More appropriate here is Wood v. United States, 128 F.2d 265, 278, where pleas of guilty allegedly made by defendants at a preliminary hearing before a magistrate were admitted in evidence at their subsequent trial. The court pointed out that the privilege of self-incrimination would be of little value if the magistrate could force the accused *268on the preliminary examination to admit his own guilt so as to be admissible against him upon trial, and that aid of counsel during trial would be farcical if the question of guilt could be foreclosed by preliminary inquisition. In reversing the conviction, the Court of Appeals held that “when, as here, the accused is without counsel and it does not appear clearly that he knows his rights and intends to waive them, the ‘plea’ or its substantial equivalent, made without warning or advice, cannot be received in evidence against him. Any other rule would make of the hearing a trap and an inquisition, with consequences for the accused and for the judicial system not tolerable under the Constitution.” In State v. Farrell, 223 N.C. 804, 28 S.E.ad 560, the Supreme Court of North Carolina reached a similar conclusion.

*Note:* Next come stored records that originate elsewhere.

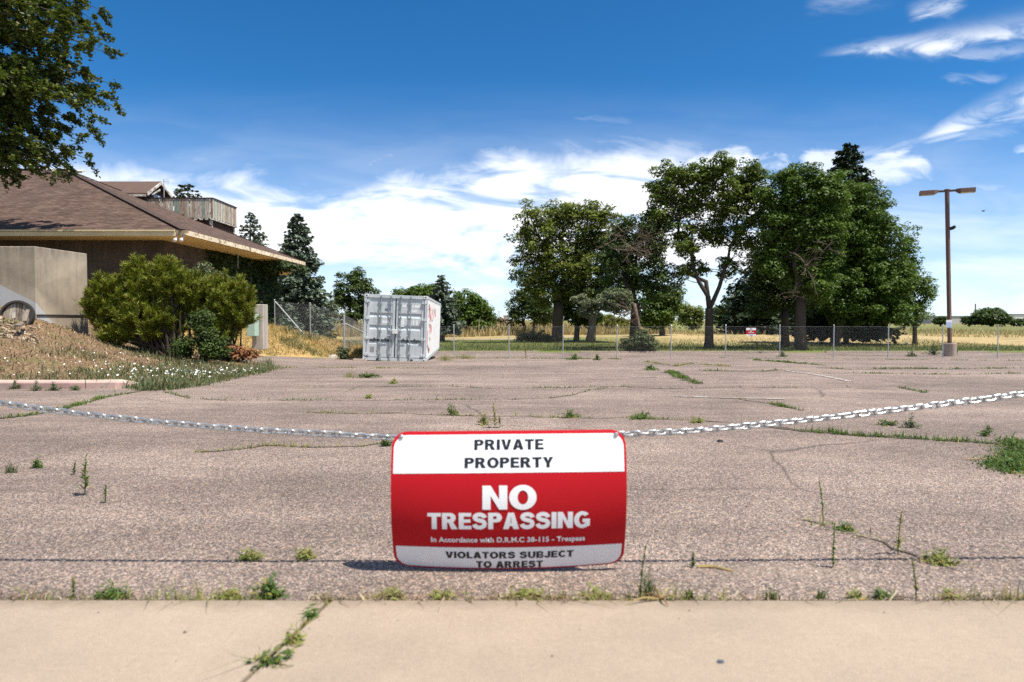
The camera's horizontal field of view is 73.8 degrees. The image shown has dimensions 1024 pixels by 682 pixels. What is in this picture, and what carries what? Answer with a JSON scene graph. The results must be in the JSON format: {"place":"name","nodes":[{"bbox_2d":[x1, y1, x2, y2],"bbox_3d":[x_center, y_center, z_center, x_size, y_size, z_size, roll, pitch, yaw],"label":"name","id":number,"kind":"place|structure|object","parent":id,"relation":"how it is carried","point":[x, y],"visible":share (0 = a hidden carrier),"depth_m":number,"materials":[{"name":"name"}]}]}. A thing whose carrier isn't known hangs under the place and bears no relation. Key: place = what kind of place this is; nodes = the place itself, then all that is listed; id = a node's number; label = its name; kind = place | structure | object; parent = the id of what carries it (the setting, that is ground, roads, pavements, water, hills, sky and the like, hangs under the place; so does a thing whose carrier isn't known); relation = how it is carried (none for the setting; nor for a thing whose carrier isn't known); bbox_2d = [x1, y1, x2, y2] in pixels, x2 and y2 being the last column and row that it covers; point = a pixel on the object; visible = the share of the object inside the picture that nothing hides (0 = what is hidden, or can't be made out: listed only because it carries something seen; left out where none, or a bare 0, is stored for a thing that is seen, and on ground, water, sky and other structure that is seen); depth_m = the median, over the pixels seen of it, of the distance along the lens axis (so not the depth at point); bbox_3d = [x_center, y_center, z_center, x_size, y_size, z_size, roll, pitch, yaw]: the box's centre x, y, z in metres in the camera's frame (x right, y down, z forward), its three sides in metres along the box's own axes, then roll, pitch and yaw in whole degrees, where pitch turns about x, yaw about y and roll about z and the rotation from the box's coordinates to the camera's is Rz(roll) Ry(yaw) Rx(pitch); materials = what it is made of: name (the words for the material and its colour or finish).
{"place":"outdoors","nodes":[
{"label":"outdoors","id":0,"kind":"place"},
{"bbox_2d":[0,306,362,388],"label":"embankment","id":1,"kind":"structure","parent":0,"point":[35,359],"depth_m":14.90,"materials":[{"name":"plant"}]},
{"bbox_2d":[0,300,35,324],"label":"wooden barrel","id":2,"kind":"object","parent":1,"relation":"on","point":[15,309],"visible":0.73,"depth_m":16.35,"materials":[{"name":"grey wood"}]},
{"bbox_2d":[0,316,39,343],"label":"wood chips","id":3,"kind":"object","parent":1,"relation":"on","point":[28,339],"visible":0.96,"depth_m":15.32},
{"bbox_2d":[0,0,127,192],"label":"elm tree","id":4,"kind":"object","parent":1,"relation":"on","point":[24,80],"visible":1,"depth_m":21.42,"materials":[{"name":"green plant"}]},
{"bbox_2d":[4,345,257,376],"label":"white flowers","id":5,"kind":"object","parent":1,"relation":"on","point":[151,371],"visible":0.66,"depth_m":13.37,"materials":[{"name":"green plant"}]},
{"bbox_2d":[78,252,196,359],"bbox_3d":[-10.079,-0.917,18.398,3.037,2.991,1.803,0,2,0],"label":"pine bush","id":6,"kind":"object","parent":1,"relation":"on","point":[140,310],"visible":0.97,"depth_m":18.00,"materials":[{"name":"green plant"}]},
{"bbox_2d":[0,315,362,390],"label":"bank weeds","id":7,"kind":"object","parent":1,"relation":"on","point":[155,384],"visible":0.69,"depth_m":13.33,"materials":[{"name":"green plant"}]},
{"bbox_2d":[167,308,232,361],"bbox_3d":[-7.963,-0.125,17.384,1.694,1.450,1.000,0,2,0],"label":"leafy shrub","id":8,"kind":"object","parent":1,"relation":"on","point":[206,343],"visible":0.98,"depth_m":17.28,"materials":[{"name":"green plant"}]},
{"bbox_2d":[172,268,263,361],"bbox_3d":[-8.099,-0.686,18.756,2.467,2.723,1.525,0,2,0],"label":"pine bush","id":9,"kind":"object","parent":1,"relation":"on","point":[213,293],"visible":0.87,"depth_m":18.50,"materials":[{"name":"green plant"}]},
{"bbox_2d":[189,260,248,337],"bbox_3d":[-8.678,-0.922,20.268,1.781,2.906,0.982,0,2,0],"label":"twiggy shrub","id":10,"kind":"object","parent":1,"relation":"on","point":[207,269],"visible":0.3,"depth_m":20.15,"materials":[{"name":"green plant"}]},
{"bbox_2d":[223,343,260,362],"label":"dead shrub","id":11,"kind":"object","parent":1,"relation":"on","point":[249,354],"visible":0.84,"depth_m":18.55,"materials":[{"name":"brown plant"}]},
{"bbox_2d":[184,324,362,357],"bbox_3d":[-9.679,-0.097,28.475,7.186,1.984,9.571,0,2,0],"label":"dry bank straw","id":12,"kind":"object","parent":1,"relation":"on","point":[316,340],"visible":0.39,"depth_m":28.98,"materials":[{"name":"plant"}]},
{"bbox_2d":[274,299,363,348],"bbox_3d":[-9.435,-0.418,33.596,4.734,3.325,11.921,0,2,-8],"label":"chain link fence","id":13,"kind":"object","parent":1,"relation":"on","point":[344,324],"visible":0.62,"depth_m":30.79,"materials":[{"name":"metal"}]},
{"bbox_2d":[0,307,1023,611],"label":"bark litter","id":14,"kind":"object","parent":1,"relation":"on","point":[586,597],"visible":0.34,"depth_m":11.73,"materials":[{"name":"wood"}]},
{"bbox_2d":[0,353,1023,599],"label":"parking lot","id":15,"kind":"structure","parent":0,"point":[738,503],"depth_m":3.75,"materials":[{"name":"asphalt"}]},
{"bbox_2d":[0,458,18,472],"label":"grass tuft","id":16,"kind":"object","parent":15,"relation":"on","point":[10,470],"visible":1,"depth_m":3.87,"materials":[{"name":"green plant"}]},
{"bbox_2d":[29,454,43,468],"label":"weed","id":17,"kind":"object","parent":15,"relation":"on","point":[36,464],"visible":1,"depth_m":4.02,"materials":[{"name":"green plant"}]},
{"bbox_2d":[0,246,87,335],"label":"concrete wall","id":18,"kind":"structure","parent":15,"relation":"on","point":[47,284],"depth_m":17.36,"materials":[{"name":"beige concrete"}]},
{"bbox_2d":[0,379,139,388],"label":"kerb","id":19,"kind":"structure","parent":15,"relation":"on","point":[67,384],"depth_m":10.51,"materials":[{"name":"concrete"}]},
{"bbox_2d":[76,453,94,494],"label":"weed","id":20,"kind":"object","parent":15,"relation":"on","point":[86,484],"visible":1,"depth_m":3.32,"materials":[{"name":"green plant"}]},
{"bbox_2d":[92,578,132,599],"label":"weed","id":21,"kind":"object","parent":15,"relation":"on","point":[112,592],"visible":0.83,"depth_m":1.97,"materials":[{"name":"green plant"}]},
{"bbox_2d":[212,586,243,599],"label":"weed","id":22,"kind":"object","parent":15,"relation":"on","point":[227,592],"visible":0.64,"depth_m":1.98,"materials":[{"name":"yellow plant"}]},
{"bbox_2d":[236,547,264,561],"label":"weed","id":23,"kind":"object","parent":15,"relation":"on","point":[250,556],"visible":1,"depth_m":2.36,"materials":[{"name":"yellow plant"}]},
{"bbox_2d":[252,304,267,349],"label":"concrete pillar","id":24,"kind":"structure","parent":15,"relation":"on","point":[260,342],"depth_m":24.92,"materials":[{"name":"concrete"}]},
{"bbox_2d":[247,314,258,335],"bbox_3d":[-9.359,-0.596,24.636,0.300,0.838,0.415,0,2,0],"label":"utility box","id":25,"kind":"object","parent":24,"relation":"attached to","point":[253,329],"visible":0.52,"depth_m":24.45,"materials":[{"name":"green paint"}]},
{"bbox_2d":[247,570,288,599],"bbox_3d":[-0.701,0.709,1.982,0.119,0.088,0.099,1,2,28],"label":"weed","id":26,"kind":"object","parent":15,"relation":"on","point":[270,588],"visible":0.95,"depth_m":1.97,"materials":[{"name":"green plant"}]},
{"bbox_2d":[294,546,316,561],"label":"weed","id":27,"kind":"object","parent":15,"relation":"on","point":[306,553],"visible":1,"depth_m":2.37,"materials":[{"name":"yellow plant"}]},
{"bbox_2d":[335,346,349,358],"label":"roundish weed","id":28,"kind":"object","parent":15,"relation":"on","point":[342,352],"visible":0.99,"depth_m":26.89,"materials":[{"name":"green plant"}]},
{"bbox_2d":[371,586,407,599],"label":"weed","id":29,"kind":"object","parent":15,"relation":"on","point":[392,591],"visible":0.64,"depth_m":1.97,"materials":[{"name":"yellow plant"}]},
{"bbox_2d":[362,294,440,360],"bbox_3d":[-4.916,-0.683,32.596,2.461,2.590,12.290,2,2,-4],"label":"shipping container","id":30,"kind":"object","parent":15,"relation":"on","point":[401,327],"visible":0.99,"depth_m":26.60,"materials":[{"name":"white metal"}]},
{"bbox_2d":[363,295,395,360],"bbox_3d":[-5.148,-0.512,26.531,1.190,2.540,0.143,2,2,-4],"label":"door","id":31,"kind":"structure","parent":30,"relation":"in","point":[381,312],"depth_m":26.56,"materials":[{"name":"paint"}]},
{"bbox_2d":[395,296,426,360],"bbox_3d":[-3.936,-0.470,26.608,1.190,2.540,0.143,2,2,-4],"label":"door","id":32,"kind":"structure","parent":30,"relation":"in","point":[410,313],"depth_m":26.63,"materials":[{"name":"paint"}]},
{"bbox_2d":[426,587,464,599],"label":"weed","id":33,"kind":"object","parent":15,"relation":"on","point":[439,596],"visible":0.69,"depth_m":1.97,"materials":[{"name":"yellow plant"}]},
{"bbox_2d":[477,411,492,425],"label":"weed","id":34,"kind":"object","parent":15,"relation":"on","point":[483,421],"visible":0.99,"depth_m":6.02,"materials":[{"name":"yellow plant"}]},
{"bbox_2d":[496,582,548,602],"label":"weed","id":35,"kind":"object","parent":15,"relation":"on","point":[526,591],"visible":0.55,"depth_m":1.98,"materials":[{"name":"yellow plant"}]},
{"bbox_2d":[581,581,614,599],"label":"weed","id":36,"kind":"object","parent":15,"relation":"on","point":[597,591],"visible":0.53,"depth_m":1.97,"materials":[{"name":"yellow plant"}]},
{"bbox_2d":[638,546,646,596],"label":"weed","id":37,"kind":"object","parent":15,"relation":"on","point":[643,562],"visible":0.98,"depth_m":1.97,"materials":[{"name":"green plant"}]},
{"bbox_2d":[626,410,663,419],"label":"weed","id":38,"kind":"object","parent":15,"relation":"on","point":[642,415],"visible":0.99,"depth_m":6.44,"materials":[{"name":"green plant"}]},
{"bbox_2d":[634,563,656,599],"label":"grass tuft","id":39,"kind":"object","parent":15,"relation":"on","point":[648,586],"visible":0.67,"depth_m":1.97,"materials":[{"name":"green plant"}]},
{"bbox_2d":[436,351,989,352],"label":"kerb","id":40,"kind":"structure","parent":15,"relation":"on","point":[698,351],"depth_m":49.95,"materials":[{"name":"concrete"}]},
{"bbox_2d":[697,565,733,571],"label":"dead vine","id":41,"kind":"object","parent":15,"relation":"on","point":[710,566],"visible":1,"depth_m":2.26,"materials":[{"name":"plant"}]},
{"bbox_2d":[435,325,1023,357],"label":"chain link fence","id":42,"kind":"object","parent":15,"relation":"on","point":[833,326],"visible":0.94,"depth_m":38.52,"materials":[{"name":"metal"}]},
{"bbox_2d":[759,585,780,600],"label":"grass tuft","id":43,"kind":"object","parent":15,"relation":"on","point":[771,594],"visible":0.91,"depth_m":1.97,"materials":[{"name":"green plant"}]},
{"bbox_2d":[830,523,837,567],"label":"weed","id":44,"kind":"object","parent":15,"relation":"on","point":[833,549],"visible":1,"depth_m":2.27,"materials":[{"name":"green plant"}]},
{"bbox_2d":[830,521,858,530],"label":"weed","id":45,"kind":"object","parent":15,"relation":"on","point":[842,527],"visible":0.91,"depth_m":2.72,"materials":[{"name":"green plant"}]},
{"bbox_2d":[845,587,869,600],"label":"weed","id":46,"kind":"object","parent":15,"relation":"on","point":[858,594],"visible":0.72,"depth_m":1.97,"materials":[{"name":"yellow plant"}]},
{"bbox_2d":[873,585,897,600],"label":"weed","id":47,"kind":"object","parent":15,"relation":"on","point":[883,593],"visible":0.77,"depth_m":1.97,"materials":[{"name":"green plant"}]},
{"bbox_2d":[877,418,899,425],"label":"weed","id":48,"kind":"object","parent":15,"relation":"on","point":[887,423],"visible":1,"depth_m":5.97,"materials":[{"name":"green plant"}]},
{"bbox_2d":[894,511,903,553],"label":"weed","id":49,"kind":"object","parent":15,"relation":"on","point":[898,540],"visible":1,"depth_m":2.41,"materials":[{"name":"green plant"}]},
{"bbox_2d":[897,412,922,427],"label":"weed","id":50,"kind":"object","parent":15,"relation":"on","point":[912,425],"visible":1,"depth_m":5.82,"materials":[{"name":"green plant"}]},
{"bbox_2d":[911,559,918,598],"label":"weed","id":51,"kind":"object","parent":15,"relation":"on","point":[916,587],"visible":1,"depth_m":1.97,"materials":[{"name":"green plant"}]},
{"bbox_2d":[915,546,973,567],"bbox_3d":[1.452,0.733,2.317,0.119,0.066,0.158,-1,2,-20],"label":"weed","id":52,"kind":"object","parent":15,"relation":"on","point":[938,558],"visible":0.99,"depth_m":2.31,"materials":[{"name":"green plant"}]},
{"bbox_2d":[919,187,975,355],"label":"street lamp","id":53,"kind":"object","parent":15,"relation":"on","point":[948,350],"visible":0.98,"depth_m":42.78,"materials":[{"name":"metal"}]},
{"bbox_2d":[937,586,962,600],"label":"weed","id":54,"kind":"object","parent":15,"relation":"on","point":[946,591],"visible":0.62,"depth_m":1.97,"materials":[{"name":"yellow plant"}]},
{"bbox_2d":[975,423,993,436],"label":"weed","id":55,"kind":"object","parent":15,"relation":"on","point":[987,432],"visible":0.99,"depth_m":5.32,"materials":[{"name":"green plant"}]},
{"bbox_2d":[996,456,1023,469],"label":"weed","id":56,"kind":"object","parent":15,"relation":"on","point":[1009,464],"visible":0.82,"depth_m":3.98,"materials":[{"name":"green plant"}]},
{"bbox_2d":[997,437,1022,450],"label":"weed","id":57,"kind":"object","parent":15,"relation":"on","point":[1016,445],"visible":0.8,"depth_m":4.67,"materials":[{"name":"green plant"}]},
{"bbox_2d":[0,391,1023,440],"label":"chain","id":58,"kind":"object","parent":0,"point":[381,436],"visible":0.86,"depth_m":2.23,"materials":[{"name":"metal"}]},
{"bbox_2d":[391,430,626,568],"bbox_3d":[-0.011,0.519,2.218,0.757,0.460,0.076,0,2,0],"label":"trespassing sign","id":59,"kind":"object","parent":58,"relation":"hanging from","point":[524,499],"visible":1,"depth_m":2.19,"materials":[{"name":"metal"}]},
{"bbox_2d":[0,600,1023,681],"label":"sidewalk","id":60,"kind":"structure","parent":0,"point":[507,641],"depth_m":1.68,"materials":[{"name":"concrete"}]},
{"bbox_2d":[242,644,296,671],"bbox_3d":[-0.554,0.737,1.572,0.126,0.062,0.104,1,2,24],"label":"weed","id":61,"kind":"object","parent":60,"relation":"on","point":[278,657],"visible":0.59,"depth_m":1.58,"materials":[{"name":"green plant"}]},
{"bbox_2d":[282,623,306,647],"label":"weed","id":62,"kind":"object","parent":60,"relation":"on","point":[296,636],"visible":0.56,"depth_m":1.67,"materials":[{"name":"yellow plant"}]},
{"bbox_2d":[301,603,320,619],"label":"weed","id":63,"kind":"object","parent":60,"relation":"on","point":[310,614],"visible":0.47,"depth_m":1.82,"materials":[{"name":"green plant"}]},
{"bbox_2d":[627,585,678,605],"bbox_3d":[0.394,0.712,1.911,0.146,0.035,0.066,0,2,8],"label":"dry grass wisp","id":64,"kind":"object","parent":60,"relation":"on","point":[660,597],"visible":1,"depth_m":1.92,"materials":[{"name":"plant"}]},
{"bbox_2d":[0,357,1023,476],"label":"crack grass","id":65,"kind":"structure","parent":0,"point":[1015,455],"depth_m":5.44,"materials":[{"name":"green plant"}]},
{"bbox_2d":[0,0,1023,319],"label":"sky","id":66,"kind":"structure","parent":0,"point":[408,137],"materials":[{"name":"blue"}]},
{"bbox_2d":[3,356,1023,674],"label":"dry crack grass","id":67,"kind":"structure","parent":0,"point":[561,596],"depth_m":1.96,"materials":[{"name":"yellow plant"}]},
{"bbox_2d":[326,320,1023,601],"bbox_3d":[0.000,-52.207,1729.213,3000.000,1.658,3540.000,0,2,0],"label":"ground","id":68,"kind":"structure","parent":0,"point":[1014,341],"depth_m":76.43,"materials":[{"name":"green plant"}]},
{"bbox_2d":[0,168,304,318],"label":"clubhouse","id":69,"kind":"structure","parent":68,"relation":"on","point":[105,226],"depth_m":26.87,"materials":[{"name":"brown"}]},
{"bbox_2d":[204,249,307,326],"bbox_3d":[-12.087,-2.187,32.490,1.922,3.792,10.227,0,2,0],"label":"ivy","id":70,"kind":"object","parent":69,"relation":"attached to","point":[263,276],"visible":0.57,"depth_m":34.09,"materials":[{"name":"green plant"}]},
{"bbox_2d":[173,183,204,218],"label":"spruce tree","id":71,"kind":"object","parent":68,"relation":"on","point":[176,191],"visible":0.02,"depth_m":59.49,"materials":[{"name":"green plant"}]},
{"bbox_2d":[236,212,293,326],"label":"spruce tree","id":72,"kind":"object","parent":68,"relation":"on","point":[252,229],"visible":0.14,"depth_m":61.62,"materials":[{"name":"green plant"}]},
{"bbox_2d":[277,213,337,338],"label":"spruce tree","id":73,"kind":"object","parent":68,"relation":"on","point":[294,290],"visible":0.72,"depth_m":82.20,"materials":[{"name":"green plant"}]},
{"bbox_2d":[321,298,341,335],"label":"olive tree","id":74,"kind":"object","parent":68,"relation":"on","point":[333,314],"visible":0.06,"depth_m":91.34,"materials":[{"name":"green plant"}]},
{"bbox_2d":[325,266,381,327],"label":"shade tree","id":75,"kind":"object","parent":68,"relation":"on","point":[348,302],"visible":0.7,"depth_m":108.28,"materials":[{"name":"green plant"}]},
{"bbox_2d":[390,283,434,295],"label":"shade tree","id":76,"kind":"object","parent":68,"relation":"on","point":[425,290],"visible":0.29,"depth_m":115.71,"materials":[{"name":"green plant"}]},
{"bbox_2d":[428,275,465,341],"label":"spruce tree","id":77,"kind":"object","parent":68,"relation":"on","point":[448,316],"visible":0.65,"depth_m":74.25,"materials":[{"name":"green plant"}]},
{"bbox_2d":[451,288,498,331],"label":"shade tree","id":78,"kind":"object","parent":68,"relation":"on","point":[475,308],"visible":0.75,"depth_m":97.87,"materials":[{"name":"green plant"}]},
{"bbox_2d":[504,288,545,331],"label":"young tree","id":79,"kind":"object","parent":68,"relation":"on","point":[517,314],"visible":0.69,"depth_m":97.95,"materials":[{"name":"green plant"}]},
{"bbox_2d":[514,330,550,341],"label":"shrub","id":80,"kind":"object","parent":68,"relation":"on","point":[540,337],"visible":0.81,"depth_m":71.53,"materials":[{"name":"green plant"}]},
{"bbox_2d":[524,301,553,330],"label":"young tree","id":81,"kind":"object","parent":68,"relation":"on","point":[547,314],"visible":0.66,"depth_m":94.89,"materials":[{"name":"green plant"}]},
{"bbox_2d":[504,198,624,342],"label":"locust tree","id":82,"kind":"object","parent":68,"relation":"on","point":[542,276],"visible":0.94,"depth_m":69.00,"materials":[{"name":"green plant"}]},
{"bbox_2d":[551,284,606,340],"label":"young tree","id":83,"kind":"object","parent":68,"relation":"on","point":[569,312],"visible":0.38,"depth_m":73.49,"materials":[{"name":"green plant"}]},
{"bbox_2d":[549,233,647,342],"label":"shade tree","id":84,"kind":"object","parent":68,"relation":"on","point":[591,321],"visible":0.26,"depth_m":69.96,"materials":[{"name":"green plant"}]},
{"bbox_2d":[569,287,643,341],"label":"olive tree","id":85,"kind":"object","parent":68,"relation":"on","point":[614,299],"visible":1,"depth_m":50.95,"materials":[{"name":"plant"}]},
{"bbox_2d":[597,313,629,329],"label":"round bush","id":86,"kind":"object","parent":68,"relation":"on","point":[617,321],"visible":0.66,"depth_m":107.62,"materials":[{"name":"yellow plant"}]},
{"bbox_2d":[589,208,685,337],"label":"locust tree","id":87,"kind":"object","parent":68,"relation":"on","point":[641,242],"visible":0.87,"depth_m":53.79,"materials":[{"name":"green plant"}]},
{"bbox_2d":[620,328,659,350],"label":"shrub","id":88,"kind":"object","parent":68,"relation":"on","point":[648,344],"visible":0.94,"depth_m":50.23,"materials":[{"name":"green plant"}]},
{"bbox_2d":[638,284,687,335],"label":"shade tree","id":89,"kind":"object","parent":68,"relation":"on","point":[660,312],"visible":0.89,"depth_m":86.66,"materials":[{"name":"green plant"}]},
{"bbox_2d":[329,317,1023,346],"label":"tall dry grass","id":90,"kind":"structure","parent":68,"relation":"on","point":[497,331],"depth_m":97.46,"materials":[{"name":"plant"}]},
{"bbox_2d":[675,302,704,330],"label":"shade tree","id":91,"kind":"object","parent":68,"relation":"on","point":[697,317],"visible":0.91,"depth_m":147.29,"materials":[{"name":"green plant"}]},
{"bbox_2d":[640,150,771,348],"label":"locust tree","id":92,"kind":"object","parent":68,"relation":"on","point":[706,178],"visible":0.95,"depth_m":53.93,"materials":[{"name":"green plant"}]},
{"bbox_2d":[713,300,741,327],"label":"shade tree","id":93,"kind":"object","parent":68,"relation":"on","point":[716,315],"visible":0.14,"depth_m":143.50,"materials":[{"name":"green plant"}]},
{"bbox_2d":[704,241,794,334],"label":"spruce tree","id":94,"kind":"object","parent":68,"relation":"on","point":[734,315],"visible":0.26,"depth_m":88.19,"materials":[{"name":"green plant"}]},
{"bbox_2d":[739,242,834,347],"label":"shade tree","id":95,"kind":"object","parent":68,"relation":"on","point":[765,293],"visible":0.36,"depth_m":55.99,"materials":[{"name":"green plant"}]},
{"bbox_2d":[747,161,855,349],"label":"shade tree","id":96,"kind":"object","parent":68,"relation":"on","point":[805,224],"visible":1,"depth_m":51.02,"materials":[{"name":"green plant"}]},
{"bbox_2d":[789,142,914,344],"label":"spruce tree","id":97,"kind":"object","parent":68,"relation":"on","point":[851,157],"visible":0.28,"depth_m":64.12,"materials":[{"name":"green plant"}]},
{"bbox_2d":[810,169,920,346],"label":"locust tree","id":98,"kind":"object","parent":68,"relation":"on","point":[865,254],"visible":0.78,"depth_m":58.82,"materials":[{"name":"green plant"}]},
{"bbox_2d":[892,221,940,344],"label":"locust tree","id":99,"kind":"object","parent":68,"relation":"on","point":[926,290],"visible":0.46,"depth_m":63.34,"materials":[{"name":"green plant"}]},
{"bbox_2d":[905,316,963,323],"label":"warehouse","id":100,"kind":"structure","parent":68,"relation":"on","point":[956,319],"depth_m":429.83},
{"bbox_2d":[930,316,946,325],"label":"tree","id":101,"kind":"object","parent":68,"relation":"on","point":[940,321],"visible":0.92,"depth_m":239.19,"materials":[{"name":"green plant"}]},
{"bbox_2d":[966,307,1014,325],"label":"tree","id":102,"kind":"object","parent":68,"relation":"on","point":[988,316],"visible":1,"depth_m":232.71,"materials":[{"name":"green plant"}]},
{"bbox_2d":[1009,318,1023,325],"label":"tree","id":103,"kind":"object","parent":68,"relation":"on","point":[1018,322],"visible":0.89,"depth_m":239.08,"materials":[{"name":"green plant"}]},
{"bbox_2d":[338,335,1023,350],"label":"field grass","id":104,"kind":"structure","parent":0,"point":[965,347],"depth_m":56.53,"materials":[{"name":"plant"}]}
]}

We think that the views expressed in the Wood case are the only ones compatible with the constitutional protection intended, and hold that where an accused is unattended by counsel and does not become a witness of his own volition, a judicial confession made at a preliminary hearing may not be properly introduced into evidence at the subsequent trial, unless the proof affirmatively shows (1) that the accused had independent knowledge or was advised by the court of his right to refuse to testify; (2) that he was advised or knew that any statements made could be used against him, and (3) that he knowingly and intelligently waived his constitutional privilege against self-incrimination. In such a manner, preliminary hearings at which judicial confessions are made, as well as the confessions themselves, will not be suspect of unfairness or judicial pressure, and both the letter and the spirit of the constitutional guaranty will be observed.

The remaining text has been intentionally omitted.